Lagrangian measurements of inertial particle accelerations in turbulent flows.

Fluid turbulence exhibits strong intermittency at the small scales: the probability of high amplitude fluctuations, caused by intense regions of local vorticity is greatly increased from what would be predicted if the fluctuations had a~Gaussian distribution. This results in the acceleration probability density function (pdf) of passive fluid particles having~highly~stretched exponential tails.~ Particles with density greater than that of the surrounding fluid, i.e., inertial particles, will respond to the flow differently than passive fluid particles. They will be ejected from the intense, intermittent high vorticity regions into regions of high strain, thereby preferentially sampling the flow. This has consequences for raindrop formation in clouds, industrial mixing, dispersion and pollution, and also provides insight into the fluid structure itself. Here we review recent experimental measurements of inertial particles in turbulence.
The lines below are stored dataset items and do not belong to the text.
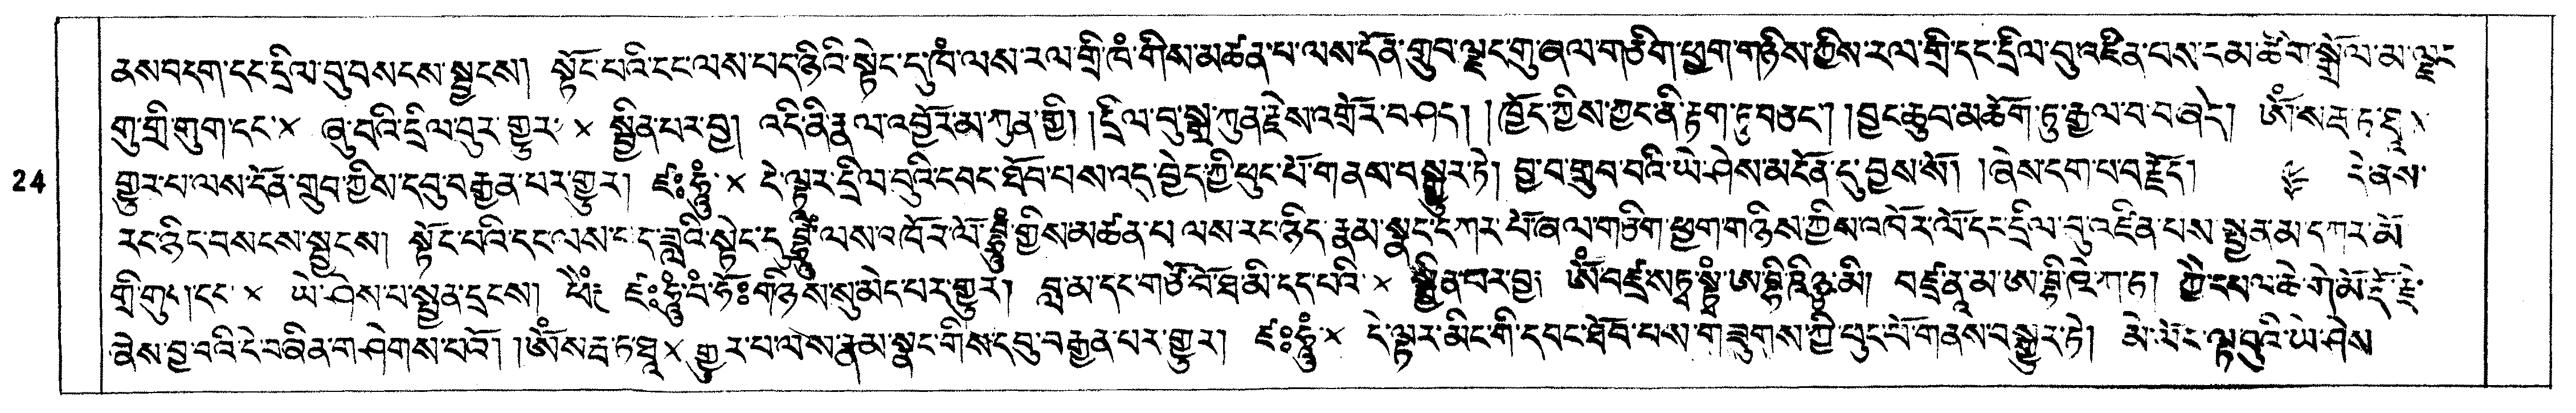ནས་བདག་དང་དྲིལ་བུ་བསངས་སྦྱངས། སྟོང་པའི་ངང་ལས་པད་ཉིའི་སྟེང་དུ་ཁཾ་ལས་རལ་གྲི་ཁཾ་གིས་མཚན་པ་ལས་དོན་གྲུབ་ལྗང་གུ་ཞལ་གཅིག་ཕྱག་གཉིས་ཀྱིས་རལ་གྲི་དང་དྲིལ་བུ་འཛིན་པས་དམ་ཚིག་སྒྲོལ་མ་ལྗང་
གུ་གྲི་གུག་དང་྾་ཞུ་བའི་དྲིལ་བུར་གྱུར་྾་སྦྱིན་པར་བྱ། འདི་ནི་རྣལ་འབྱོར་མ་ཀུན་གྱི། །དྲིལ་བུ་སྒྲ་ཀུན་རྗེས་འགྲོར་བཤད། །ཁྱོད་ཀྱིས་ཀྱང་ནི་རྟག་ཏུ་བཅང་། །བྱང་ཆུབ་མཆོག་ཏུ་རྒྱལ་བ་བཞེད། ཨོཾ་སརྦ་ཏ་ཐཱ་྾་
གྱུར་པ་ལས་དོན་གྲུབ་ཀྱིས་དབུ་བརྒྱན་པར་གྱུར། ཛཿ ཧཱུཾ་྾་དེ་ལྟར་དྲིལ་བུའི་དབང་ཐོབ་པས་འདུ་བྱེད་ཀྱི་ཕུང་པོ་གནས་བསྒྱུར་ཏེ། བྱ་བ་གྲུབ་བའི་ཡེ་ཤེས་མངོན་དུ་བྱས་སོ། །ཞེས་དག་པ་བརྗོད། ༈ དེ་ནས་
རང་ཉིད་བསངས་སྦྱངས། སྟོང་པའི་དང་ལས་པད་ཟླའི་སྟེང་དུ་བྷཱཾ་ལས་འཁོར་ལོ་བྷཱུཾ་གྱིས་མཚན་པ་ལས་རང་ཉིད་རྣམ་སྣང་དཀར་པོ་ཞལ་གཅིག་ཕྱག་གཉིས་ཀྱིས་འཁོར་ལོ་དང་དྲིལ་བུ་འཛིན་པས་སྤྱན་མ་དཀར་མོ་
གྲི་གུག་དང་྾་ཡེ་ཤེས་པ་སྤྱན་དྲངས། ཕཻཾ༑ ཛཿ ཧཱུཾ་བཾ་ཧོཿ གཉིས་སུ་མེད་པར་གྱུར། བླ་མ་དང་གཙོ་བོ་ཐ་མི་དད་པའི་྾་སྤྱིན་པར་བྱ༑ ཨོཾ་བཛྲ་སཏྭ་སྟྭཾ་ཨ་བྷི་ཥཱི་ཉྩ་མི། བཛྲ་ནཱ་མ་ཨ་བྷི་ཥེ་ཀ་ཏ། ཀྱཻ་དཔལ་ཚེ་གེ་མོ་རྡོ་རྗེ་
ཞེས་བྱ་བའི་དེ་བཞིན་གཤེགས་པའོ། །ཨོཾ་སརྦ་ཏ་ཐཱ་྾་གྱུར་པ་ལས་རྣམ་སྣང་གིས་དབུ་བརྒྱན་པར་གྱུར། ཛཿ ཧཱུཾ་྾་དེ་ལྟར་མིང་གི་དབང་ཐོབ་པས་གཟུགས་ཀྱི་ཕུང་པོ་གནས་བསྒྱུར་ཏེ། མེ་ལོང་ལྟ་བུའི་ཡེ་ཤེས་

We show that as inertial effects become more pronounced, the tails of the acceleration pdf become less stretched, and that clustering occurs at the small scales. We present measurements of the radial distribution function, a statistical measure of clustering, and relate this to the changes we observe in the acceleration pdf. Results of wind-tunnel experiments are compared with measurements from stirred tanks and ``box turbulence'' and related to direct numerical simulations and models. Effects of particle size and initial flow conditions will be discussed.